A first thing to note, simply historically speaking, is that imperial powers like the Ottomans always favored creating multi-ethnic territories, both in order to avoid any ethnic separatism, and to provide the regime with a way to politically pivot various parties against each other in a specific territory. As such, it is no coincidence that both the Middle East and the Balkans are so ethnically diverse, and have consequently had significant problems accommodating the democratic nation state.
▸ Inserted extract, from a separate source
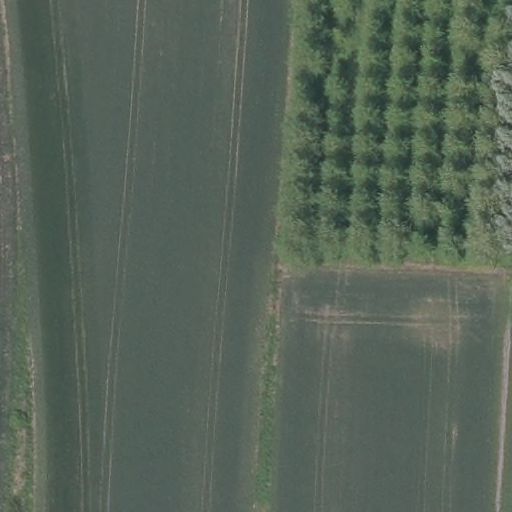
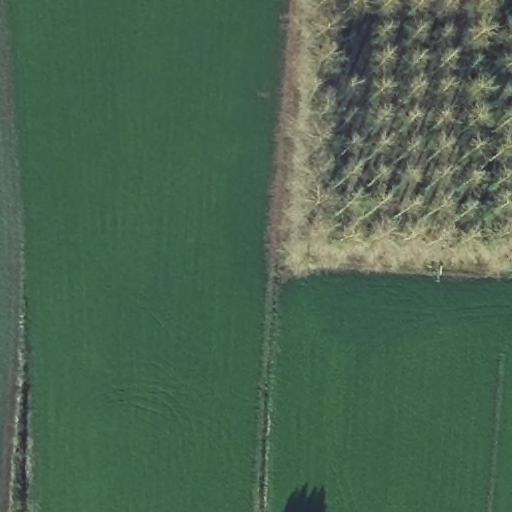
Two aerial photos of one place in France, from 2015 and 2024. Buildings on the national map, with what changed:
[]

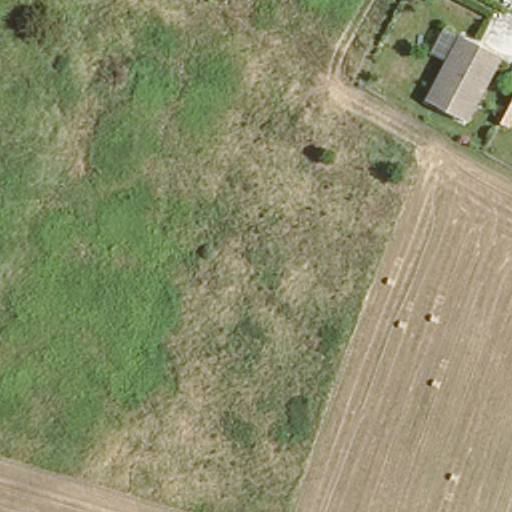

My central point here, however, is that we should note that in an imperial or authoritarian political condition ethnicity is of very limited political relevance.  After all, in such a condition there simply exists no politically feasible notion of national sovereignty for a majority population (much less sovereignty on a democratic basis). As such, in Ottoman times it didn’t really matter if in Syria you inhabited a Shi’ite area in a predominantly Sunni territory. You were not going to have political sovereignty anyway, and neither were your Sunni neighbors.

It is in this way that today’s ethno-religious strife in the Middle East should have been foreseen from the very introduction of democratic reform.

Since 2010 (or even since Iraq), suddenly populations around the Middle East have faced the paramount relevance of the ethnic composition of their ancestral territories: how many Sunnis are there, how many Shi’ites? Who will be enfranchised should elections be held, and who will face political subjugation? In this regard it is also no coincidence that many post-Ottoman states have historically had an avowedly secular authoritarian bent (or were even led by a small minority which depends on a unified state for survival, such as in Syria). After all, only by staunchly denying ethnic majoritarianism in favor of the trans-ethnic national character could these post-Ottoman states keep at bay the highly flammable cauldron of sectarian strife. (Indeed, in this regard we should not be surprised that since the Ottomans Middle East political culture has drifted from pan-Arabism to Arab social-nationalism to religious sectarianism today).

In this way, I think that far from seeing the sectarian character of today’s Middle Eastern developments as exculpating Obama’s policies, they constitute a indictment of his swift embrace of the Arab Spring. I have argued before that it is unclear to me to what extent the Tahrir protests really reflected a consensus Egyptian demand for democracy, or were rather inspired by the same global Occupy-style rallies that have occurred eve in democratic states.

But in any case, Obama should have realized that (as was the case in Iraq) the multi-ethnic character of the Middle East provides a certain grounds for secular authoritarianism. After all, to suggest a majoritarian democratic future for such territories inevitably and predictably leads to ethnic consolidation, efforts at ethnic cleansing, and dissolution of the apparatus of state.


3 thoughts on ““Combining the Thirty Years War and the French Revolution”

  1. “(Yes, I know Egypt and Tunisia were not part of the Ottoman Empire, …”

    Uh … except when both of them were?

    • In a nominal sense, yes. 19th century Egypt and Tunisia can hardly be considered loyal subjects of the Sublime Porte. Muhammed Ali reigned in Egypt and the Maghreb had begun to slip from the grip of the Sultan even earlier.